The input:
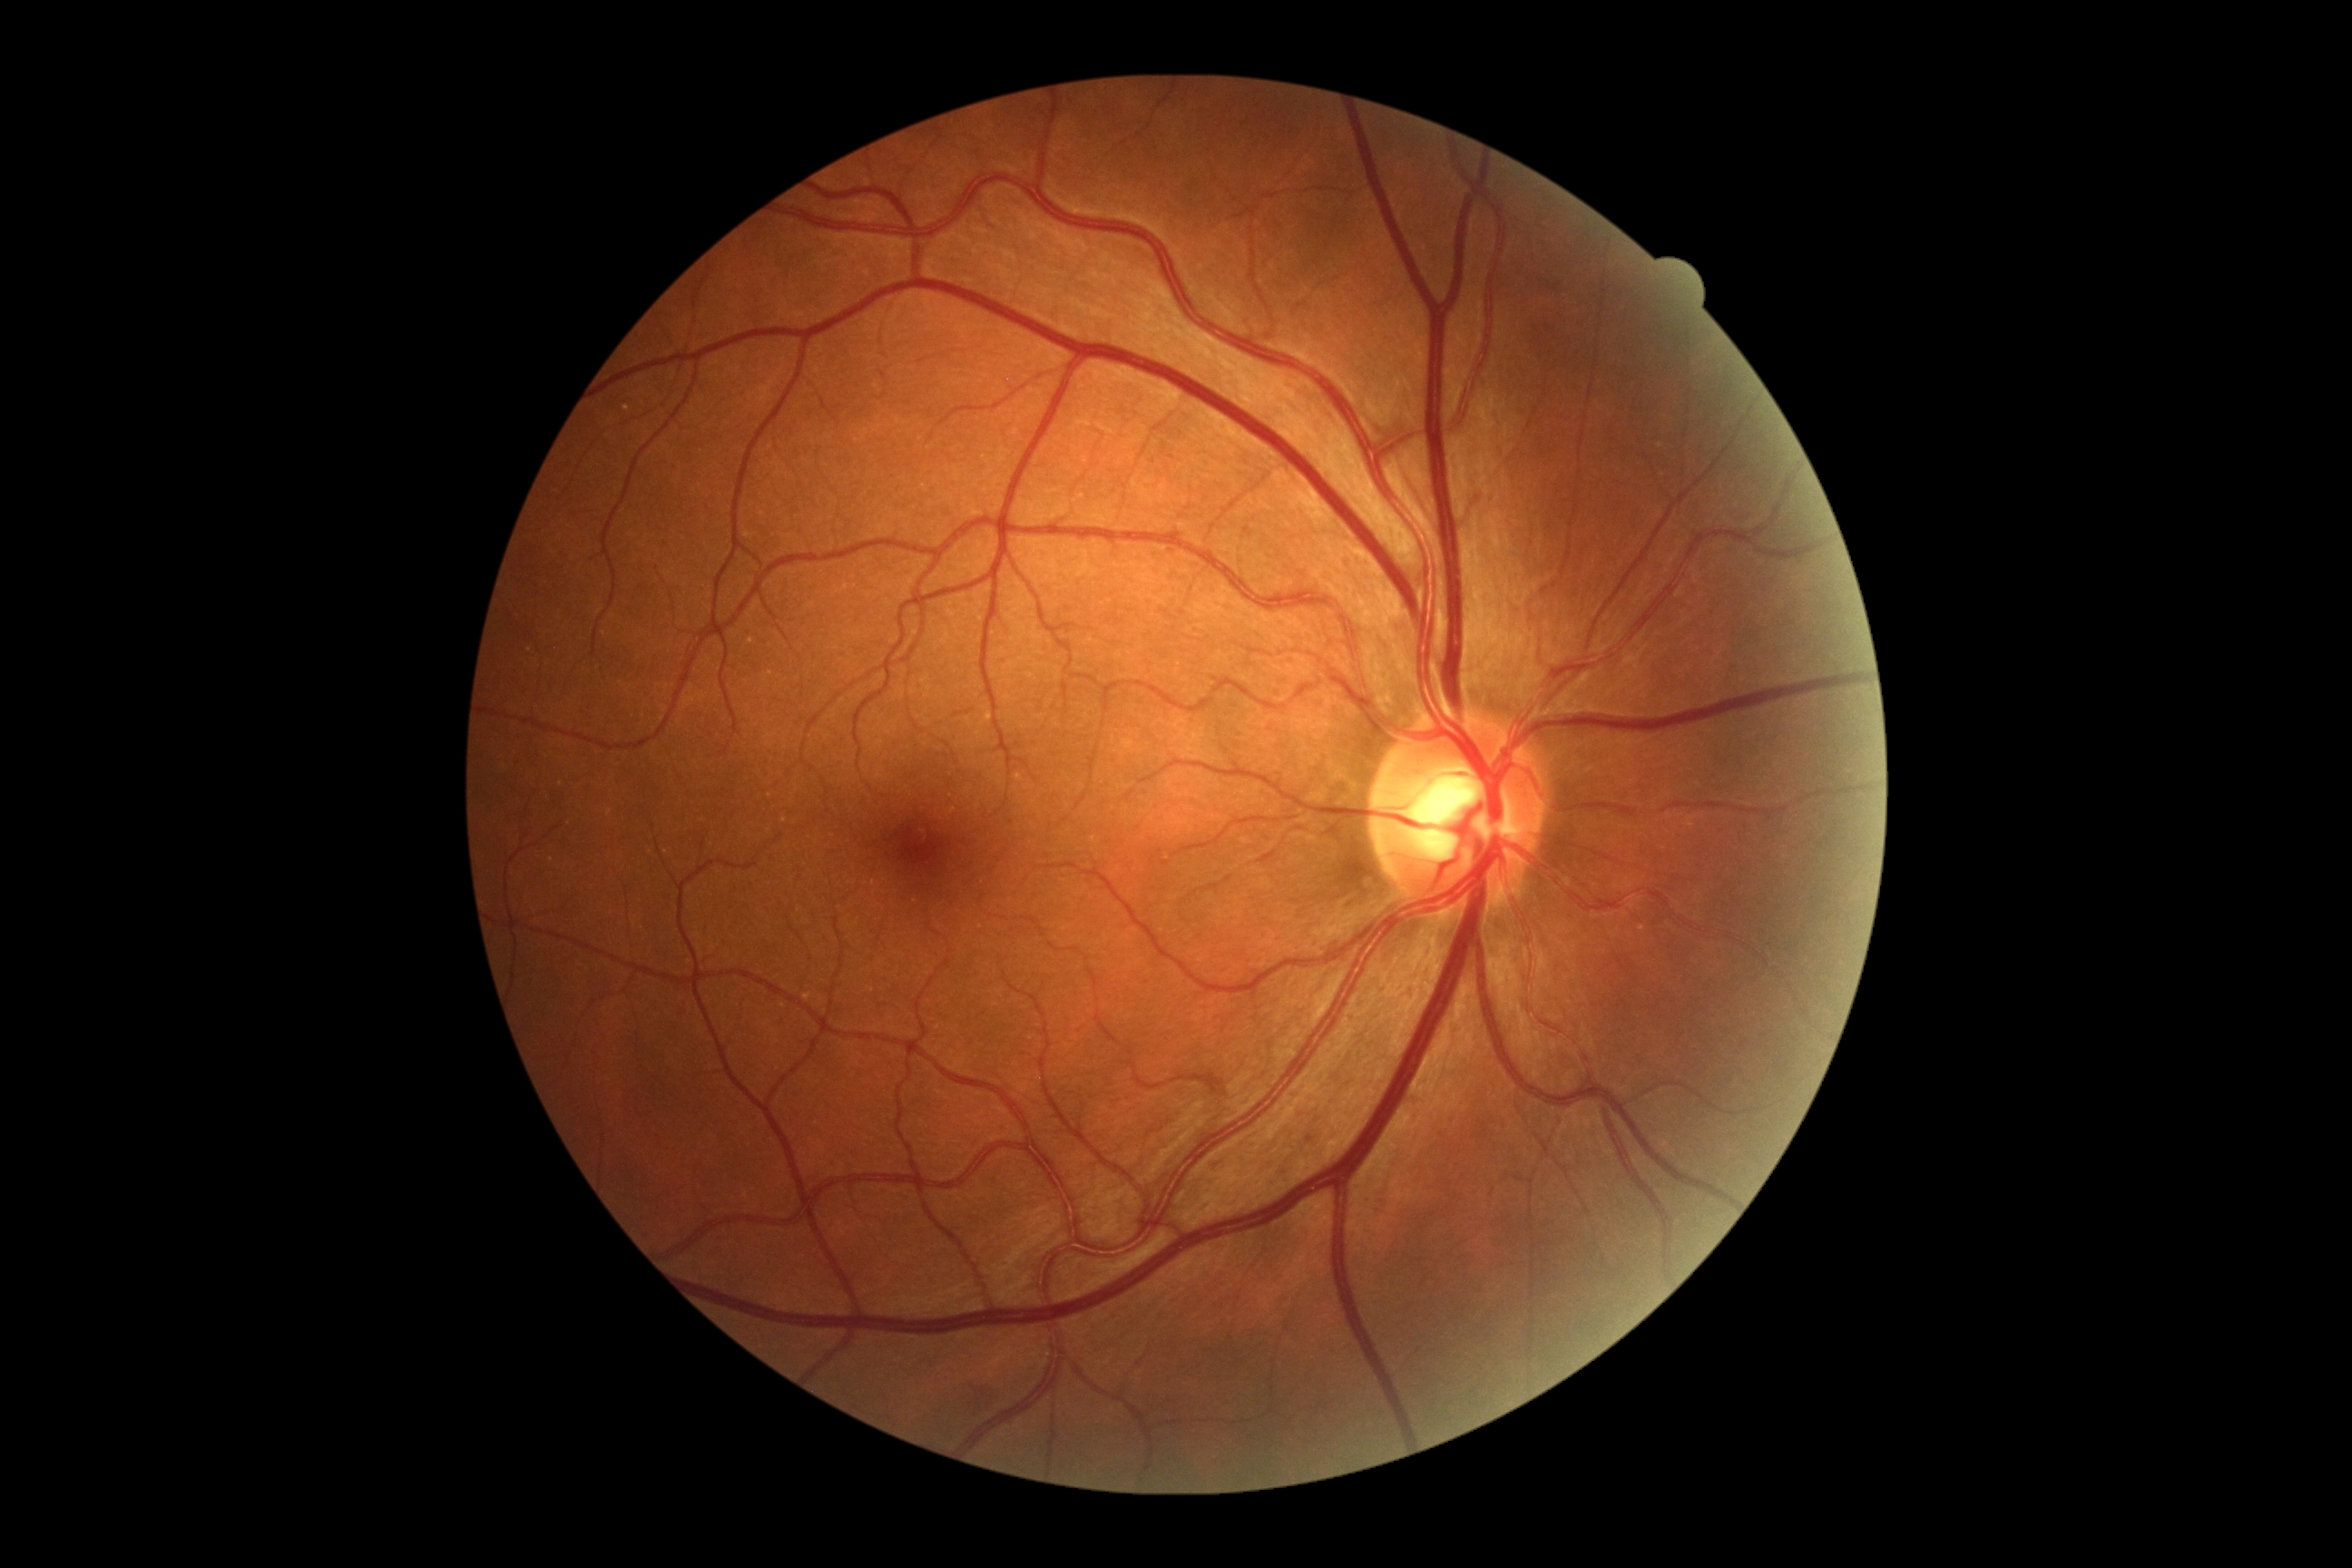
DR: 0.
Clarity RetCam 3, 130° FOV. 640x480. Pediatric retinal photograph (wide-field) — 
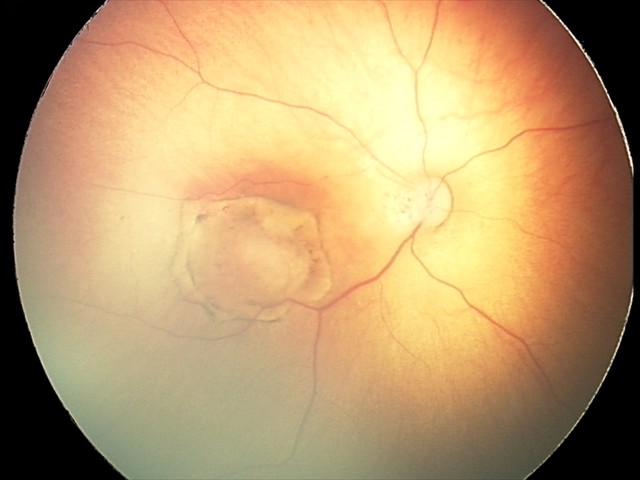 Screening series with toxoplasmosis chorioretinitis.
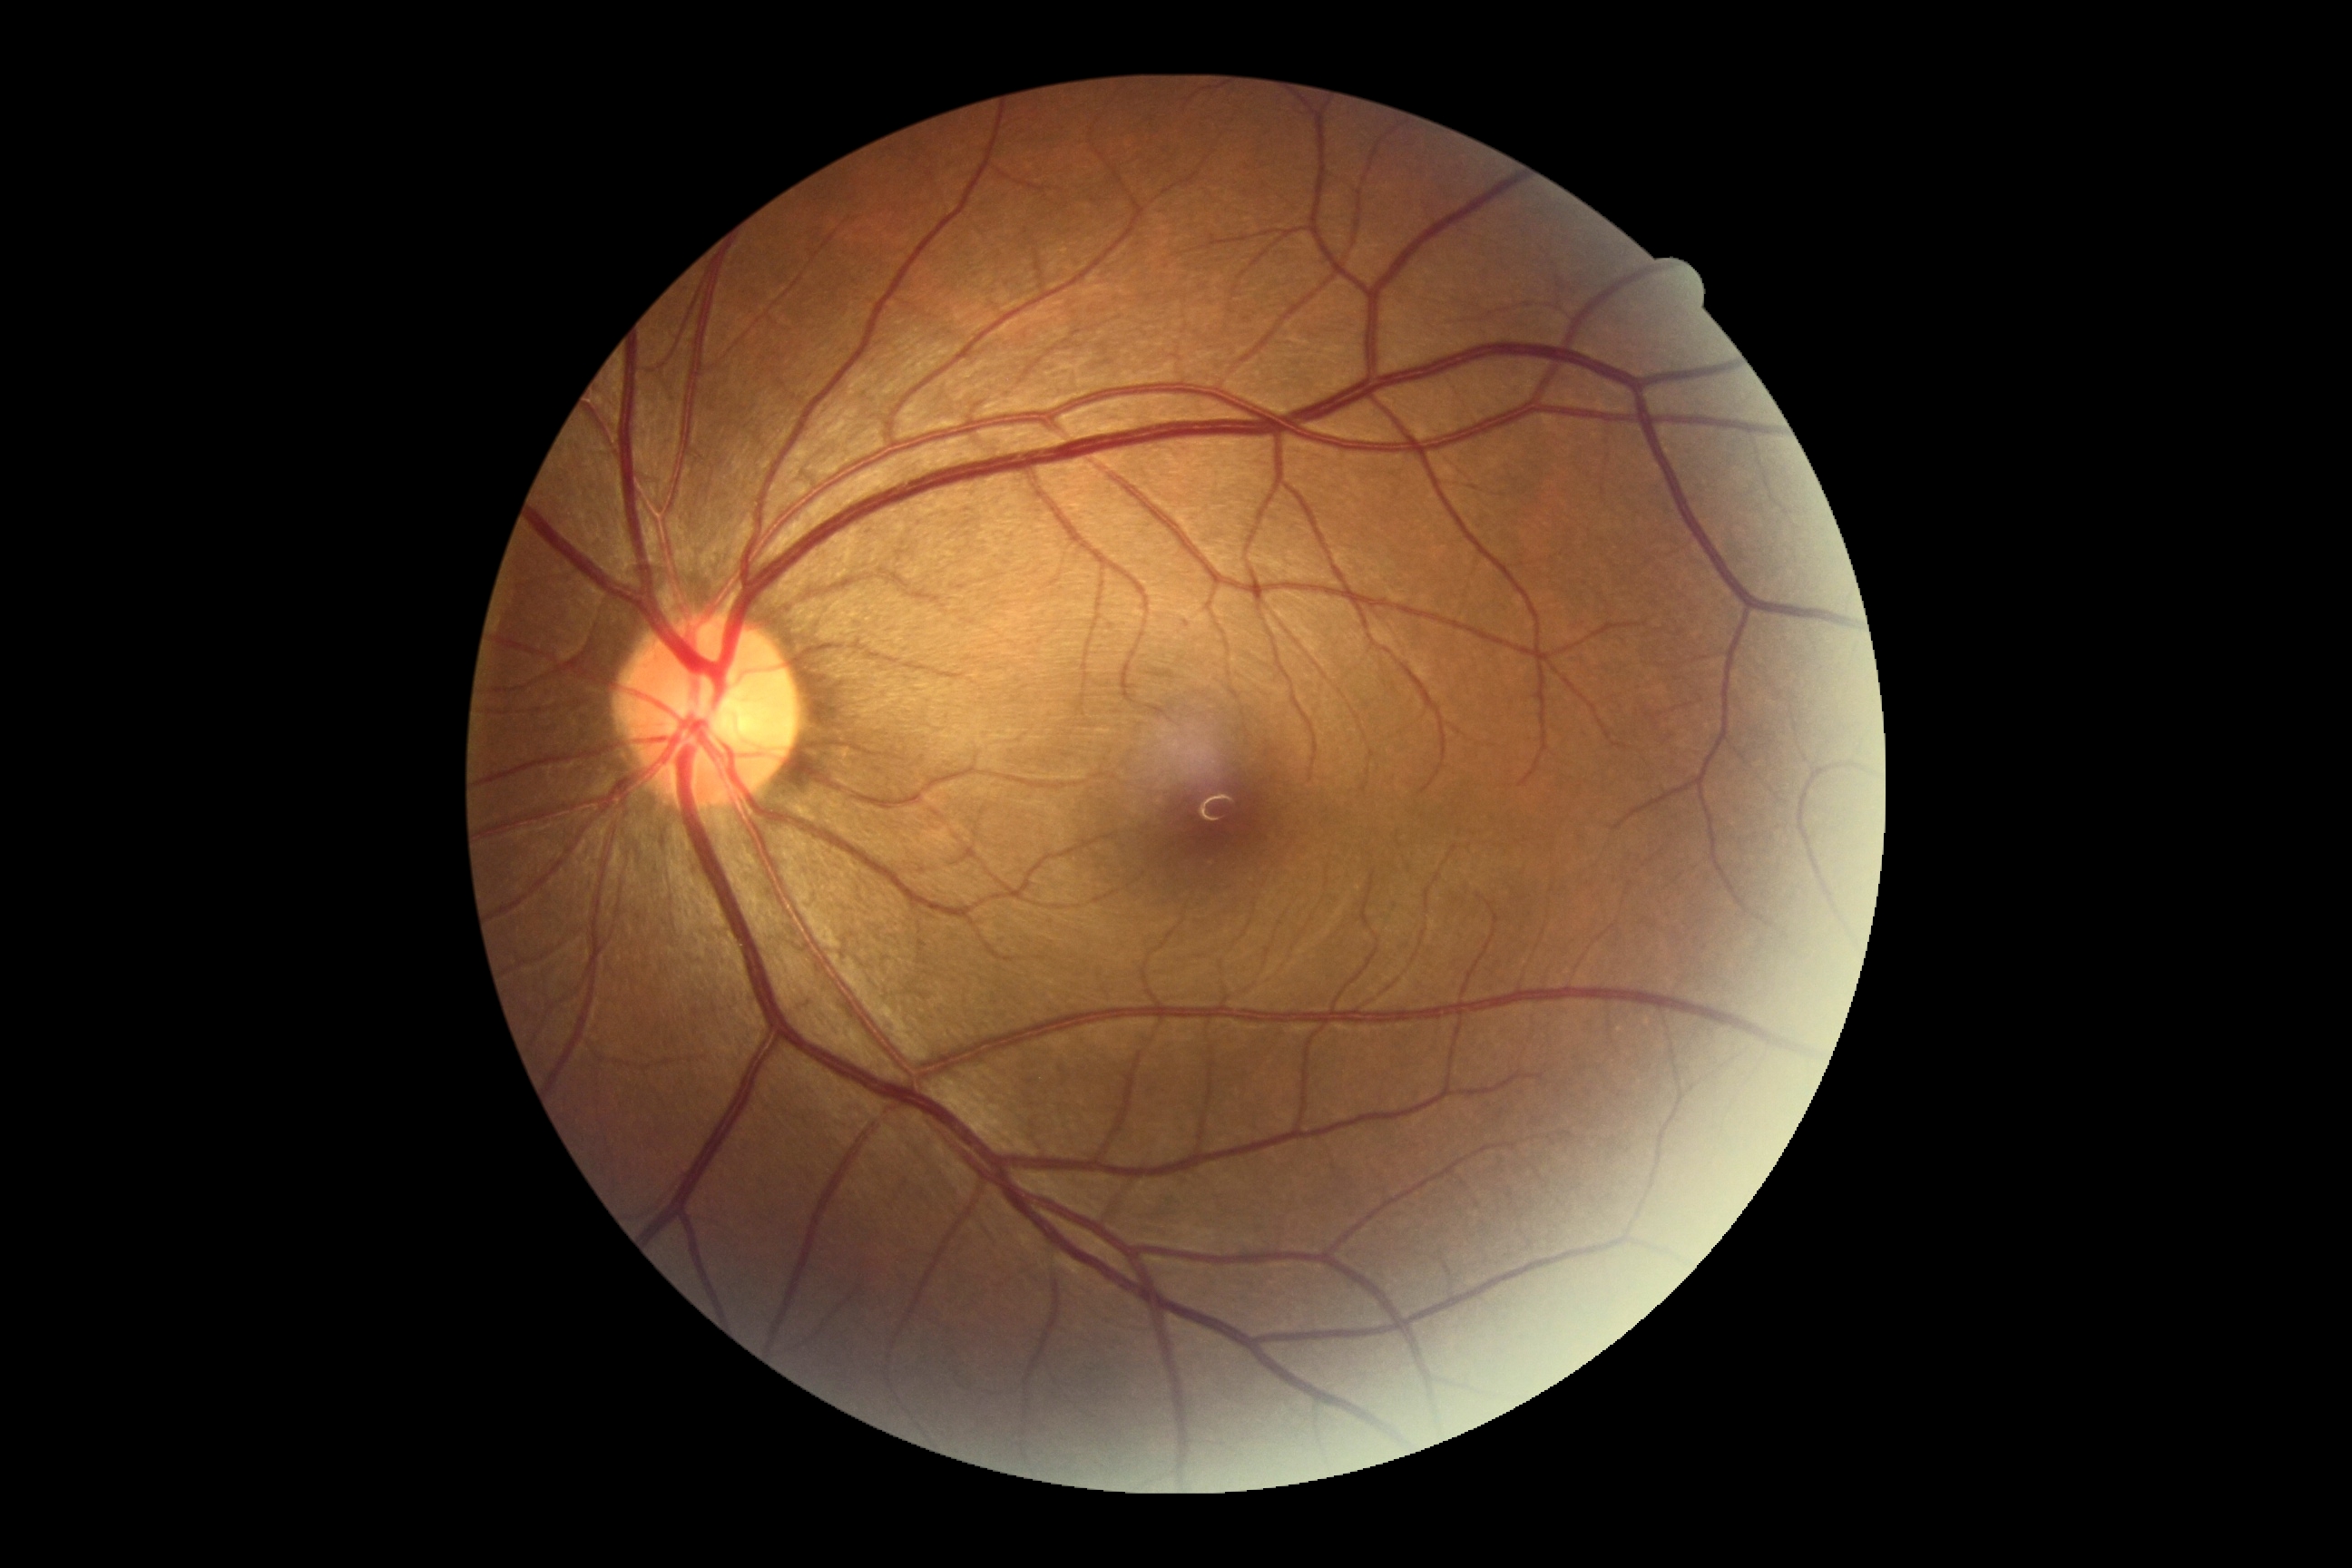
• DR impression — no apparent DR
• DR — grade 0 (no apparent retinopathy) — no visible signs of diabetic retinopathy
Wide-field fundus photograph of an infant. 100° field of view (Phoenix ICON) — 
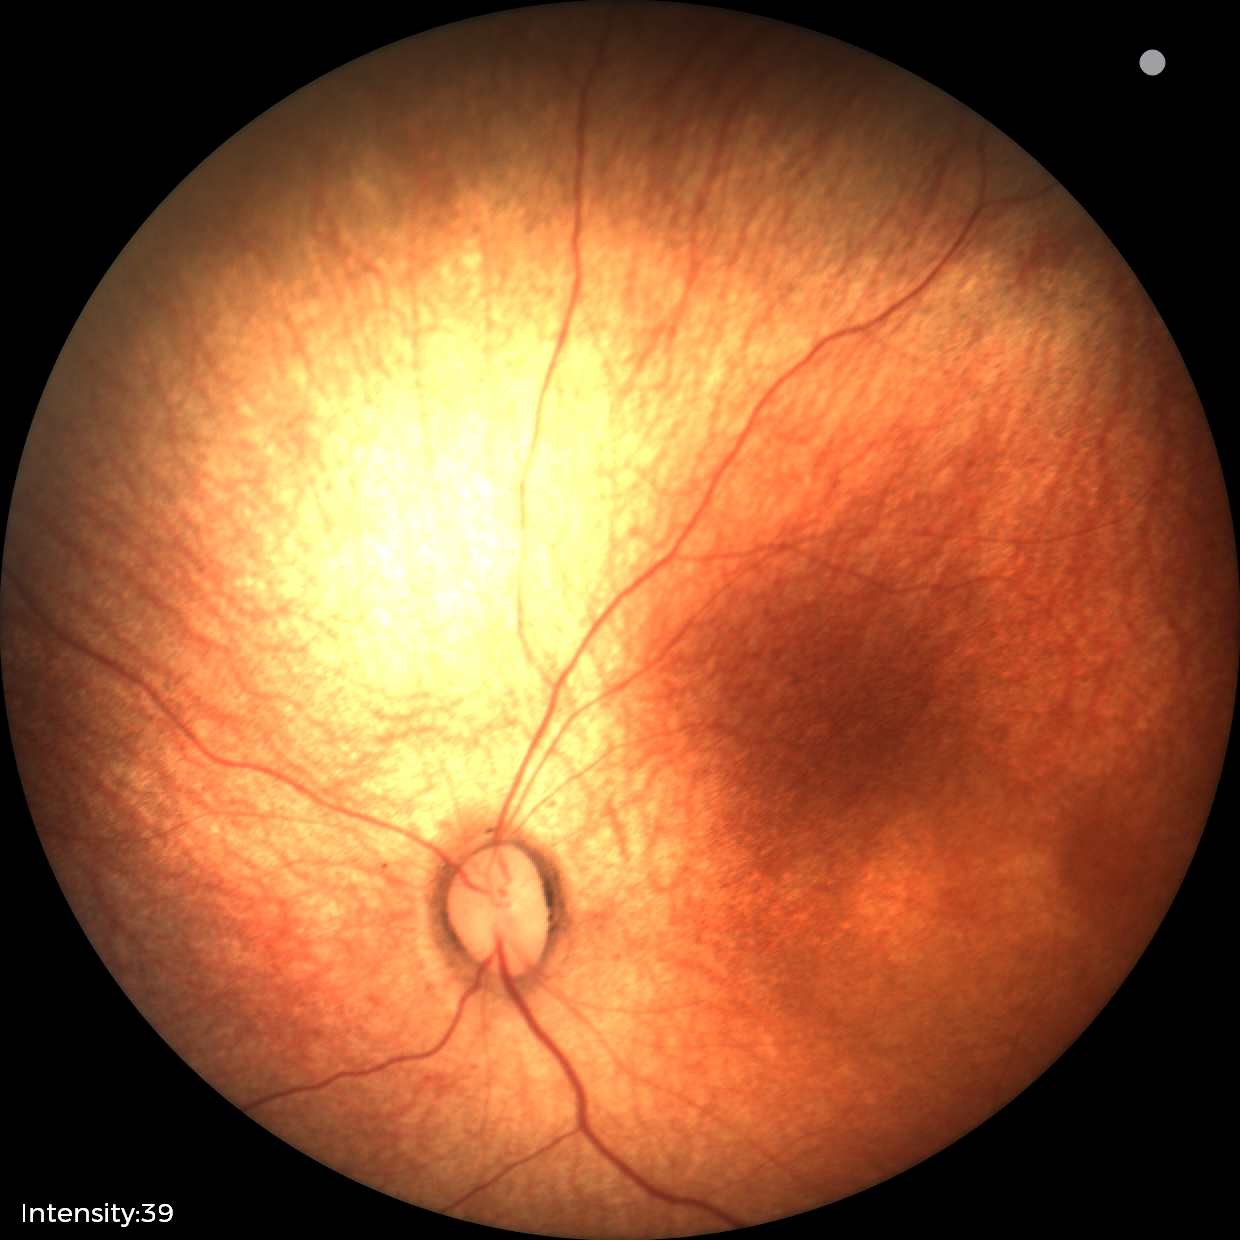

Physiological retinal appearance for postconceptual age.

How to complete this task: Every line from the one with "no apparent DR" through the end of the records above belongs in the answer, copied exactly; no picture does.

Result of the task:
• DR impression — no apparent DR
• DR — grade 0 (no apparent retinopathy) — no visible signs of diabetic retinopathy
Wide-field fundus photograph of an infant. 100° field of view (Phoenix ICON) — 

Physiological retinal appearance for postconceptual age.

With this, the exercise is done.